Africa’s oil, gas sectors can consume Africa’s unemployed youth
Lazarus Sauti
Young people aged between 15 and 25 represent more than 60
percent of Africa’s total population and account for 45 percent of the total
labour force, says the African Economic Outlook.
It adds that unlike other developing regions, Africa’s
population is becoming more youthful, with youth as a proportion of the total
population projected at over 75 percent by 2015, due to the high fertility rate
underlying the demographic momentum.
Further, notes the African Economic Outlook, it is expected
that this increase in the number of young people will not decline before 20
years or more.
The challenge, therefore, is for African governments to
provide labour for this booming population. This means governments, private and
public sector players as well as development partners in the continent must
look for ways to consume unemployed youths.

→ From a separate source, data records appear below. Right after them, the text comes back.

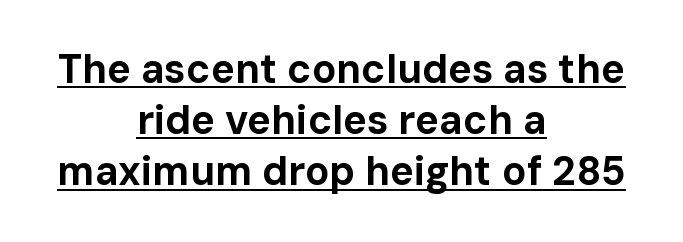
{"serif": "no", "italic": "no", "bold": "yes", "weight": "bold", "width": "normal", "stroke_contrast": "low", "x_height": "medium", "monospaced": "no", "underline": "yes", "align": "center", "line_spacing": "normal", "line_spacing_ratio": 1.28, "letter_spacing": "normal", "letter_spacing_em": 0.0, "glyph_px": 40}
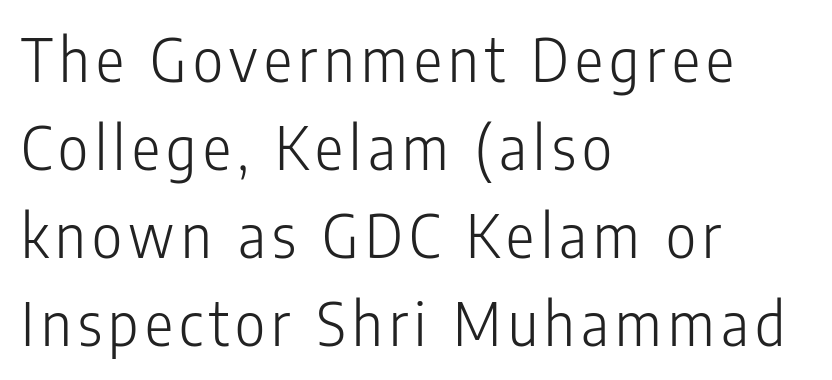
The image shows 59 px light, condensed sans-serif type, upright; set left-aligned, normal line spacing (1.49x), not underlined; low stroke contrast and a medium x-height.
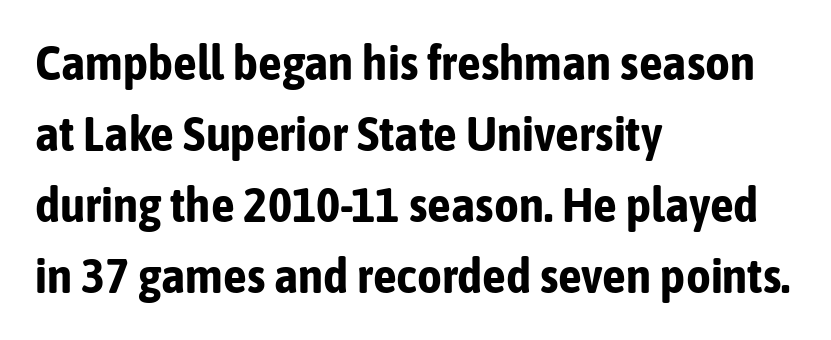
The letters carry no serifs — their stems end cleanly without finishing strokes. What's the leading like? Ordinary, nothing unusual. The horizontal fit of the characters is conventional and even. Character widths vary here, with narrow letters taking less room than wide ones. As a designer I'd log this as weight 700, bold.

One ways, according to the United Nations Conference on Trade and Development (UNCTAD), is to
exploit oil, gas and mining sectors.
“The oil, gas and mining industries – currently
employing around 1 percent of Africa’s workforce – can do more to create more
stable, direct and indirect wage-paying jobs that not only promote economic
growth, but also protect the environment and foster social inclusion,” said the
UNCTAD.
In Africa, only around 5 million new jobs are
created for more than 12 million young women and men joining the labour force
every year, but an International Finance Corporation study in Ghana found, for
example, that the creation of one direct job in the mining sector could
generate 27 additional jobs in the wider economy.

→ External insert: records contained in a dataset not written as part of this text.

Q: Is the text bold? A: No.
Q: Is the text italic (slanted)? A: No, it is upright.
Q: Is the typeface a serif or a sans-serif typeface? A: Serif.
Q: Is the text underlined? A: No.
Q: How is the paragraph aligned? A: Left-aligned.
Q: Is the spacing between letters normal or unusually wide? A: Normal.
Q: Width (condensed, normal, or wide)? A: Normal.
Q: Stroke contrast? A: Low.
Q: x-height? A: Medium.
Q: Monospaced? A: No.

Africa holds 8 percent of world oil reserves
and gas reserves, and the United States Geological Society ranks the continent
first or second in its share of world reserves of a long list of metals and
minerals, such as bauxite, chromite, cobalt, ilmenite, industrial diamond,
manganese, phosphate rock, platinum-group metals, rutile, soda ash, vermiculite
and zirconium.
The UNCTAD also said that the benefits that the
extractive industries could bring to developing countries include revenues for
host countries through production sharing arrangements, royalties and income
taxes.
“The development of the extractive industries
could also generate wider economic benefits and promote inclusive growth and
sustainable development.
“The extractive industries, given their capital
intensive nature, may not create many direct jobs, but their linkages with the
broader economy may help generate additional jobs.
“Through these linkages the sector is connected
with the suppliers of inputs; outputs are processed into added-value products;
demand is generated for locally produced goods and services; and an enabling
environment is created for new industries using skills and capabilities
acquired from the extractive industries,” added the UNCTAD.
To compare Africa’s potential with developed
country experience, a recent survey of the United States’ oil and gas industry
revealed that the industry as a whole generated over 9.3 million permanent jobs
across the nation, among which are 3.1 million jobs in retail trade, and half a
million jobs in health services.
Such jobs are not created automatically.
Targeted policies such as developing linkages,
removing entry barriers to specific industry value chains, building the
necessary infrastructure to attract investment, improving access to finance and
developing workforce skills needed, are crucial to expanding job opportunities
and increasing employment.
Artisanal mining, as a labour intensive mining
process, is, for example, well known to generate more direct and indirect jobs
than large-scale mining.
In Africa artisanal mining is estimated to
create about 8 million direct jobs which support over 45 million people.